----- Data records

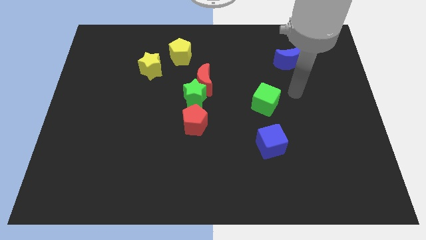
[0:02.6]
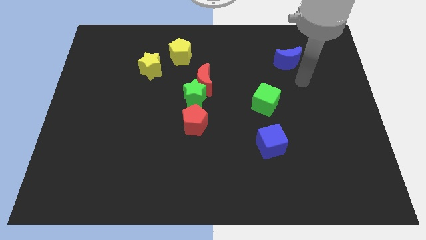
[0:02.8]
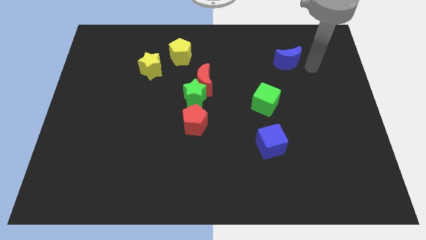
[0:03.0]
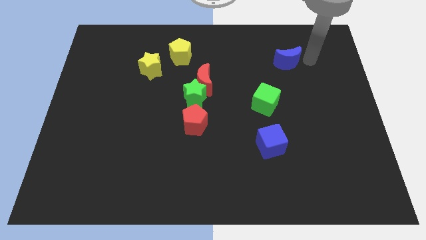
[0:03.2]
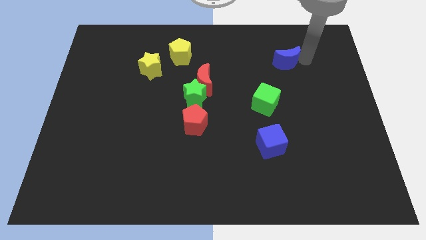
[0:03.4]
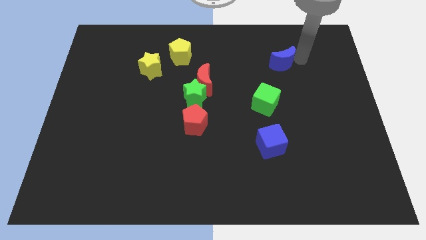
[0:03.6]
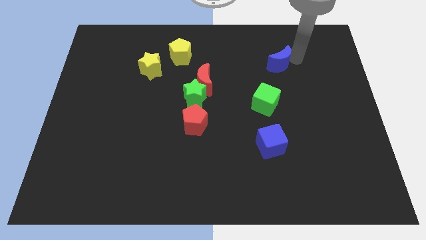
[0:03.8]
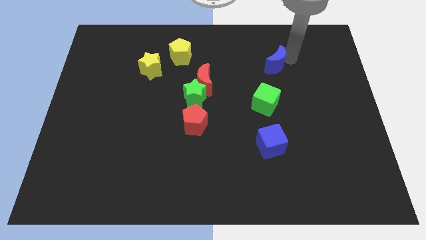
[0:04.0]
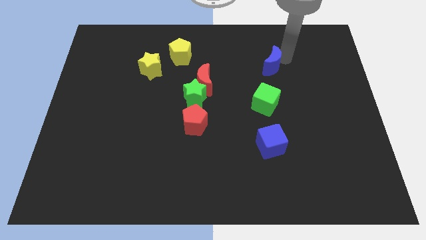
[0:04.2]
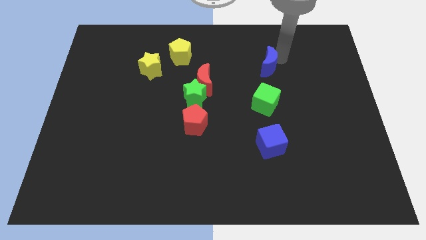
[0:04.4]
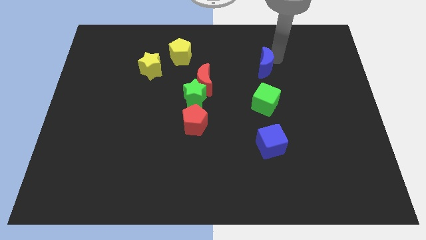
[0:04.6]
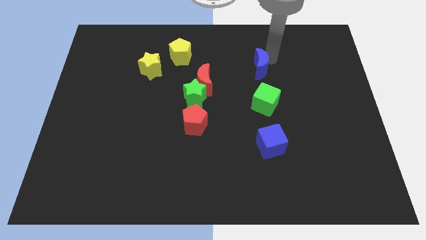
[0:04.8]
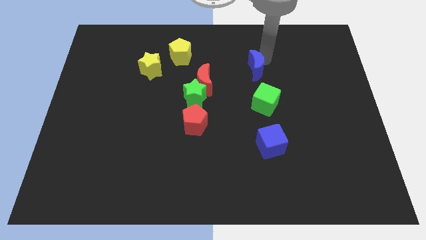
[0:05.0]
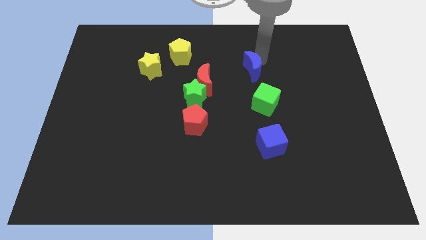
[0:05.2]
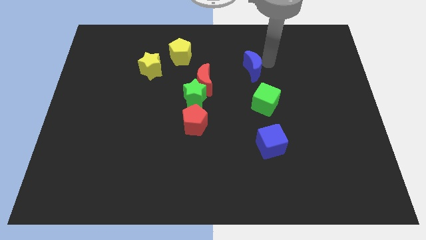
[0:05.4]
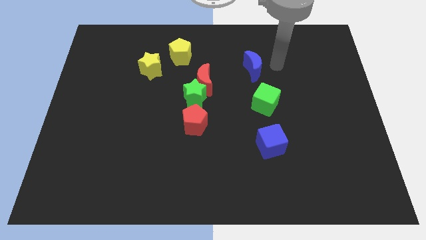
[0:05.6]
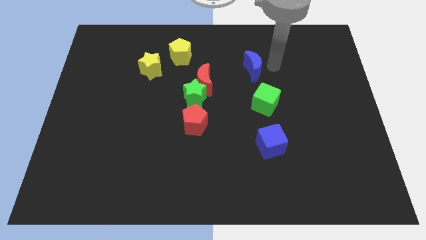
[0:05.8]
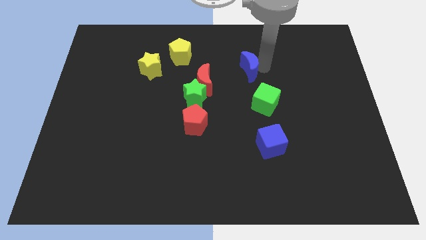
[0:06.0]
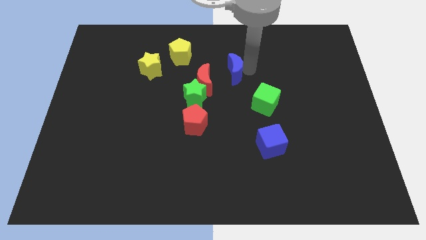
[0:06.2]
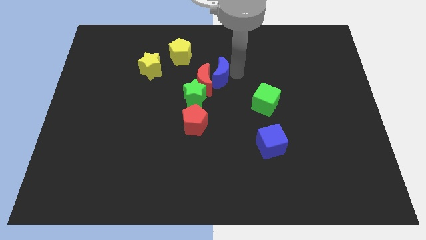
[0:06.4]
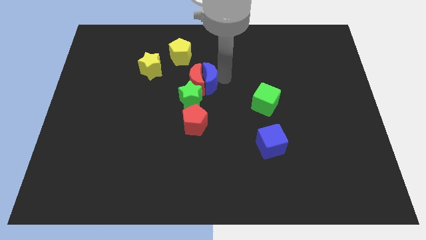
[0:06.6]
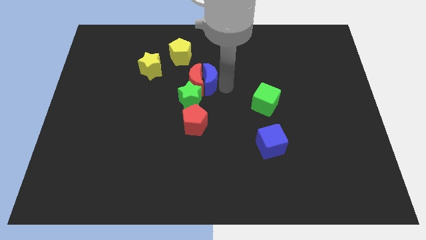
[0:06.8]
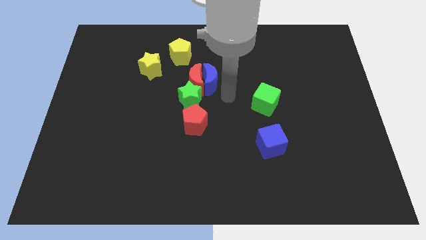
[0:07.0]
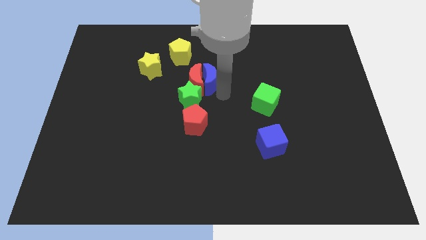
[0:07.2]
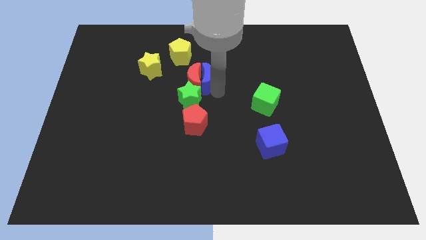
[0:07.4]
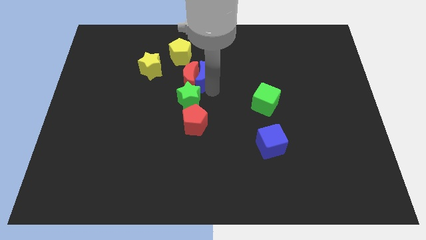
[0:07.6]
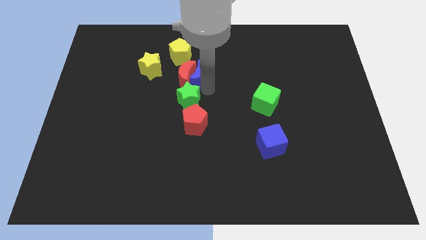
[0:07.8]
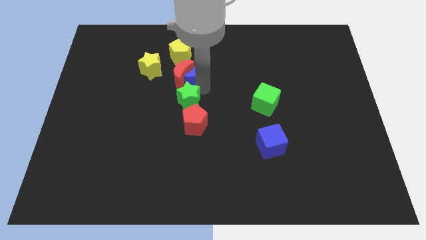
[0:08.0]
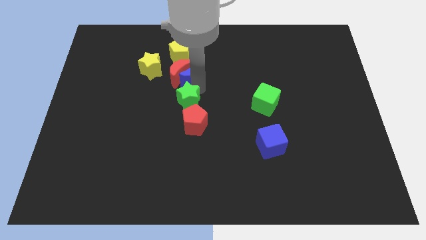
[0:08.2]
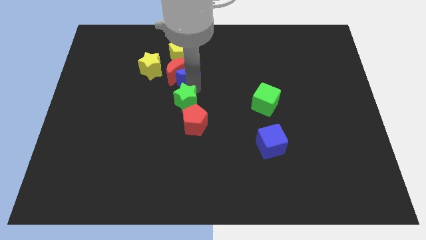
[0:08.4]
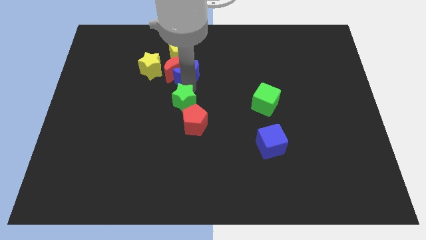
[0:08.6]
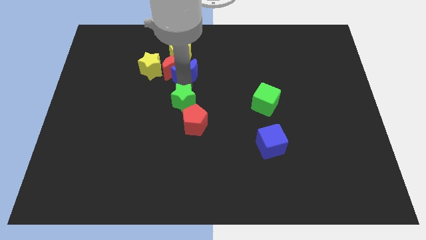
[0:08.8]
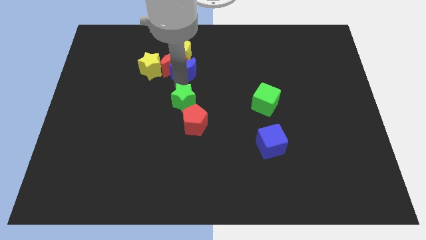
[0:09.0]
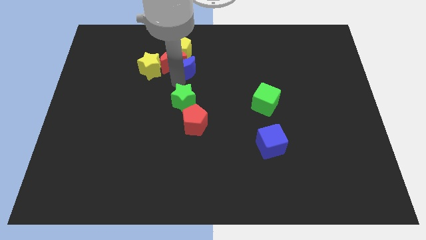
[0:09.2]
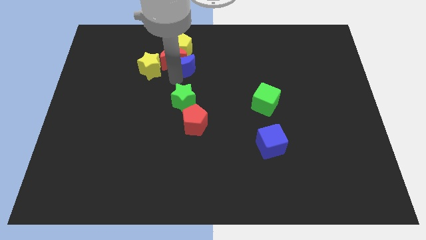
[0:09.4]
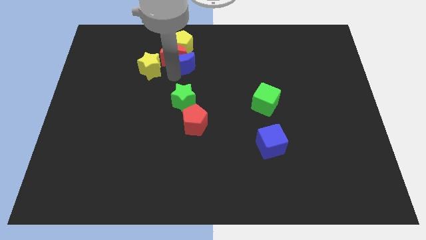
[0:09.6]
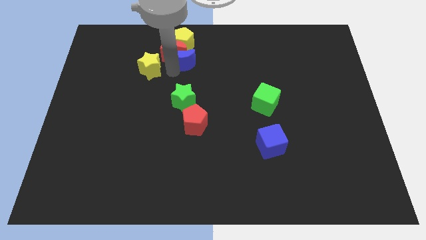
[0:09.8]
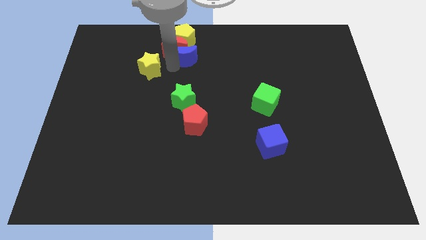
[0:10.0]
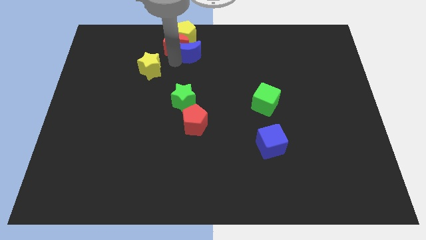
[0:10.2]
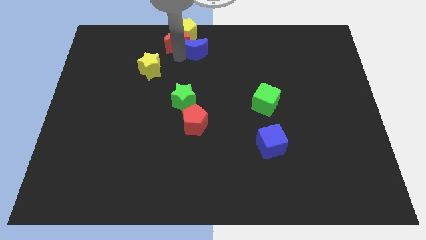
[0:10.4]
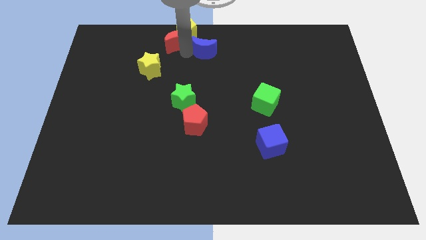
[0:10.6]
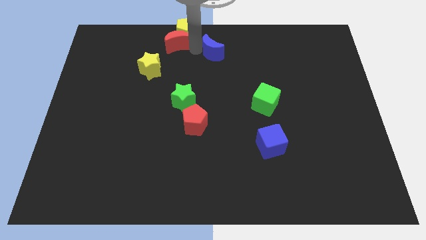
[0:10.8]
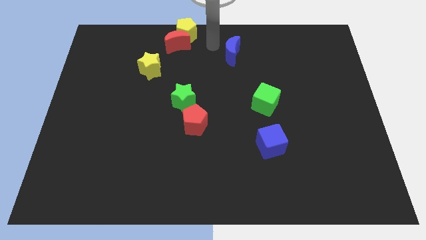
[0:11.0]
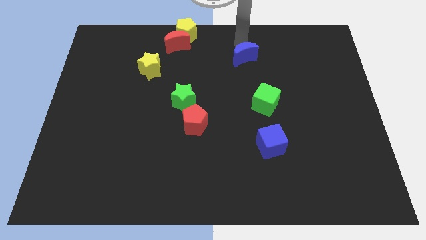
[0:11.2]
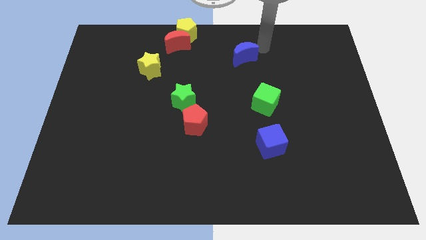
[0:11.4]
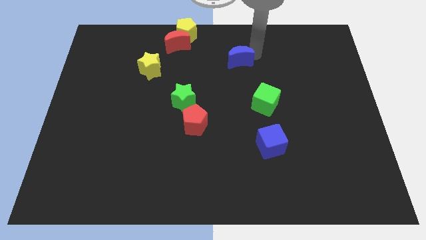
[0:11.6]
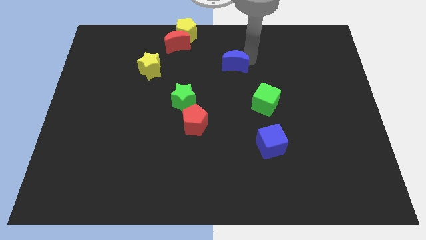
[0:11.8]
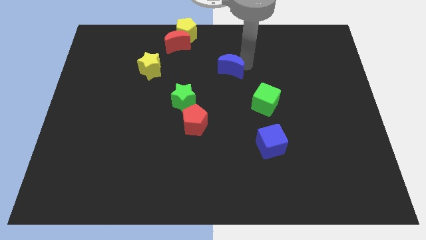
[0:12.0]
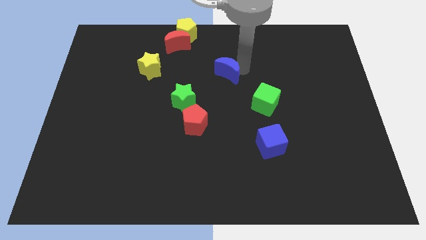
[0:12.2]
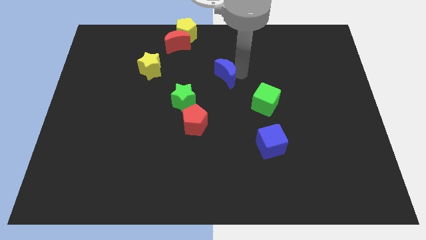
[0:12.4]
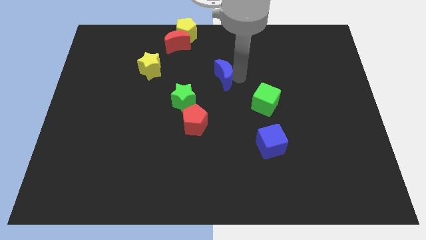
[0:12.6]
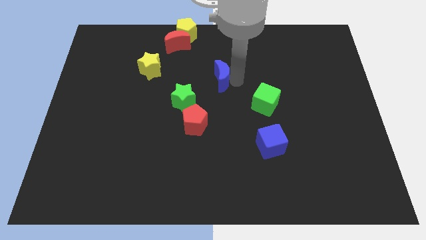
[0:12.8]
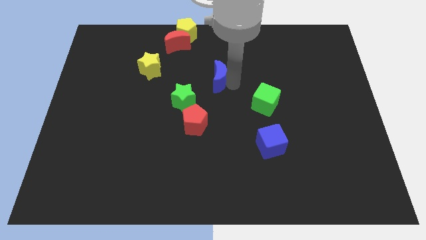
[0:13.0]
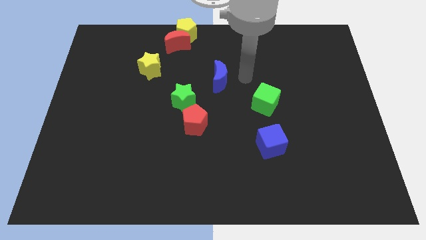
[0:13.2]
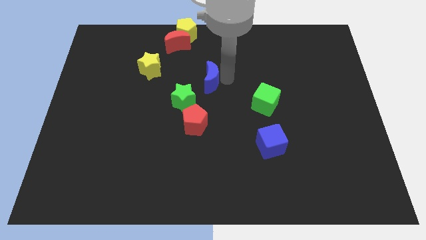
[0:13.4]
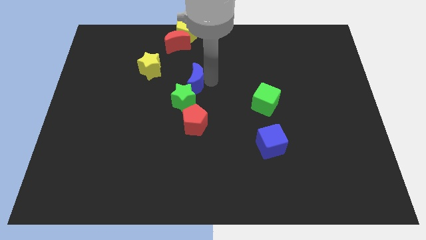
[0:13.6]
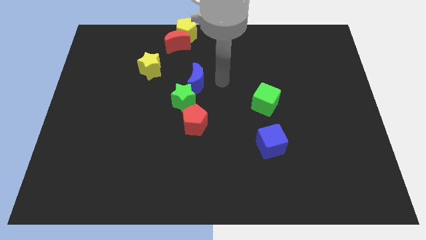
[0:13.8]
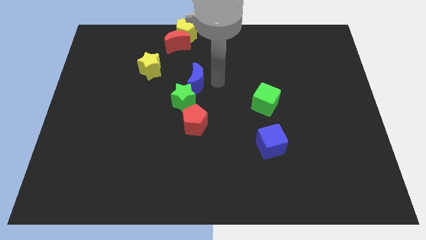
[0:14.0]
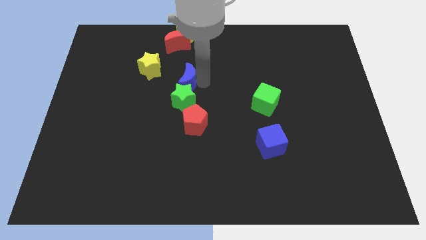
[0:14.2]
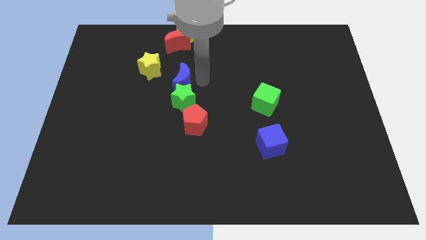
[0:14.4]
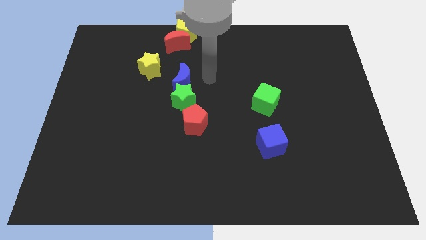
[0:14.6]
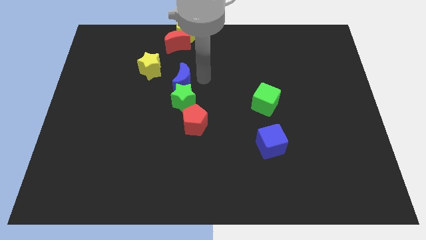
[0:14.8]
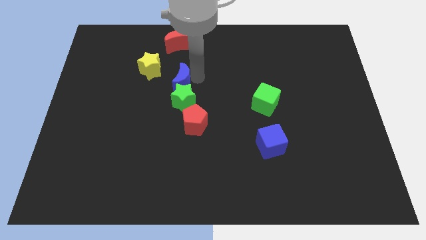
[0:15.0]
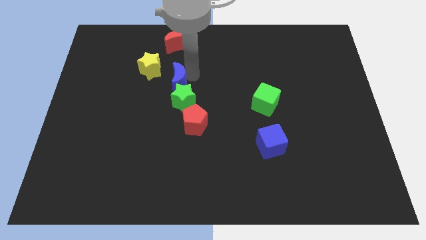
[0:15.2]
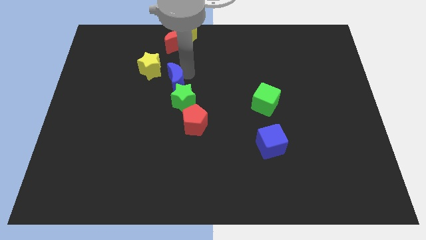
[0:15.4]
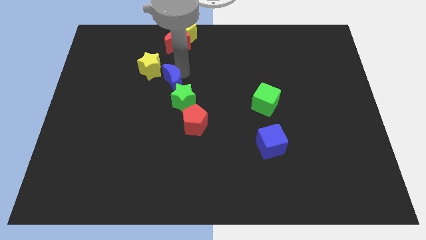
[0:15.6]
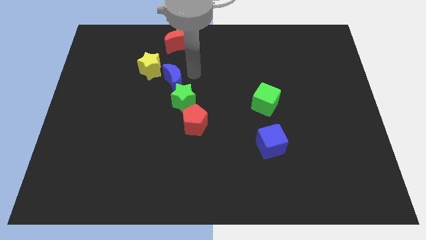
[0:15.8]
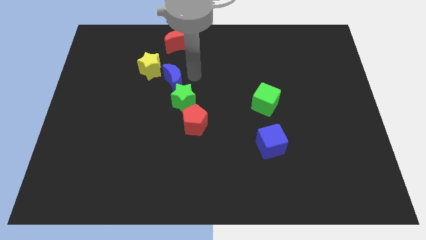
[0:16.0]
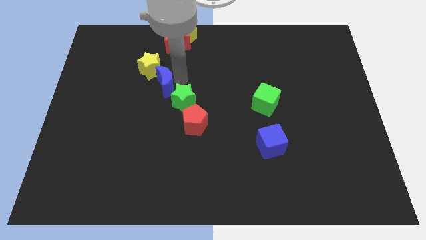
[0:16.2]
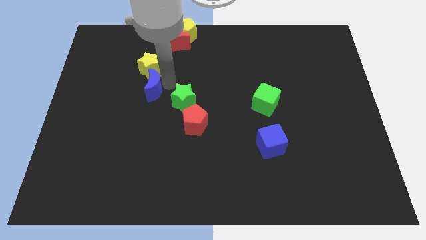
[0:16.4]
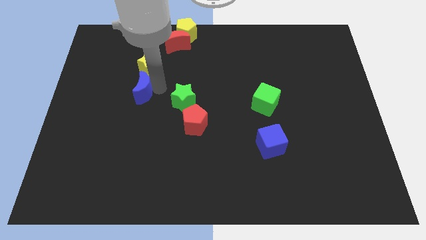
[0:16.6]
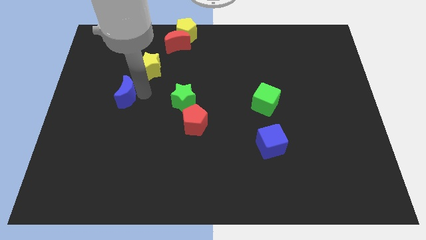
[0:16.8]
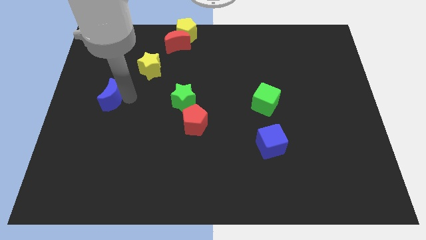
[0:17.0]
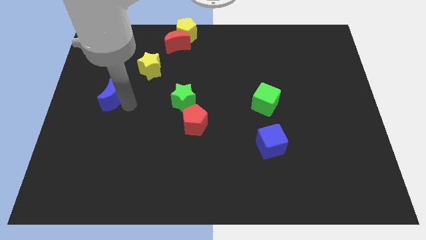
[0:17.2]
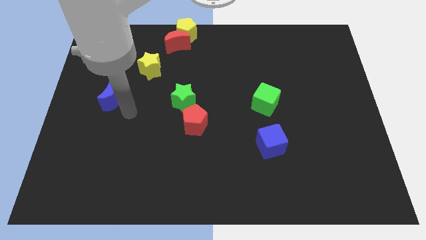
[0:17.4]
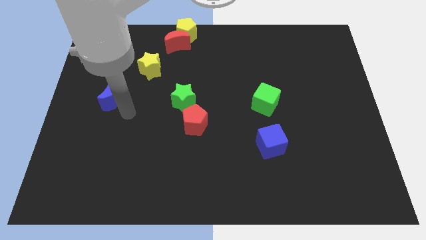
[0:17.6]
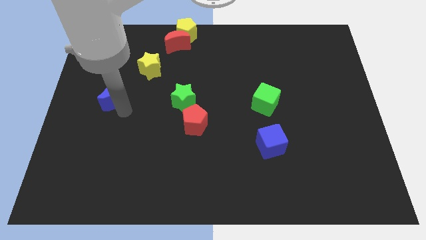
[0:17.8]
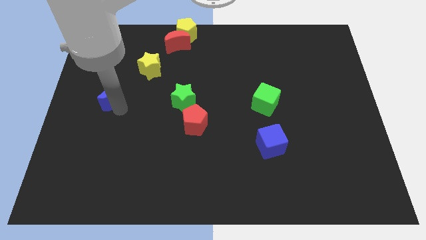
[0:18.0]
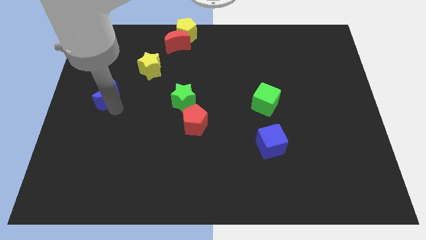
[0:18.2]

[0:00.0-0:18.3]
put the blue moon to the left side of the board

----------

### Task to carry out
Please return the whole listing exactly. Do not copy its images.

### Final answer
[0:02.6]
[0:02.8]
[0:03.0]
[0:03.2]
[0:03.4]
[0:03.6]
[0:03.8]
[0:04.0]
[0:04.2]
[0:04.4]
[0:04.6]
[0:04.8]
[0:05.0]
[0:05.2]
[0:05.4]
[0:05.6]
[0:05.8]
[0:06.0]
[0:06.2]
[0:06.4]
[0:06.6]
[0:06.8]
[0:07.0]
[0:07.2]
[0:07.4]
[0:07.6]
[0:07.8]
[0:08.0]
[0:08.2]
[0:08.4]
[0:08.6]
[0:08.8]
[0:09.0]
[0:09.2]
[0:09.4]
[0:09.6]
[0:09.8]
[0:10.0]
[0:10.2]
[0:10.4]
[0:10.6]
[0:10.8]
[0:11.0]
[0:11.2]
[0:11.4]
[0:11.6]
[0:11.8]
[0:12.0]
[0:12.2]
[0:12.4]
[0:12.6]
[0:12.8]
[0:13.0]
[0:13.2]
[0:13.4]
[0:13.6]
[0:13.8]
[0:14.0]
[0:14.2]
[0:14.4]
[0:14.6]
[0:14.8]
[0:15.0]
[0:15.2]
[0:15.4]
[0:15.6]
[0:15.8]
[0:16.0]
[0:16.2]
[0:16.4]
[0:16.6]
[0:16.8]
[0:17.0]
[0:17.2]
[0:17.4]
[0:17.6]
[0:17.8]
[0:18.0]
[0:18.2]

[0:00.0-0:18.3]
put the blue moon to the left side of the board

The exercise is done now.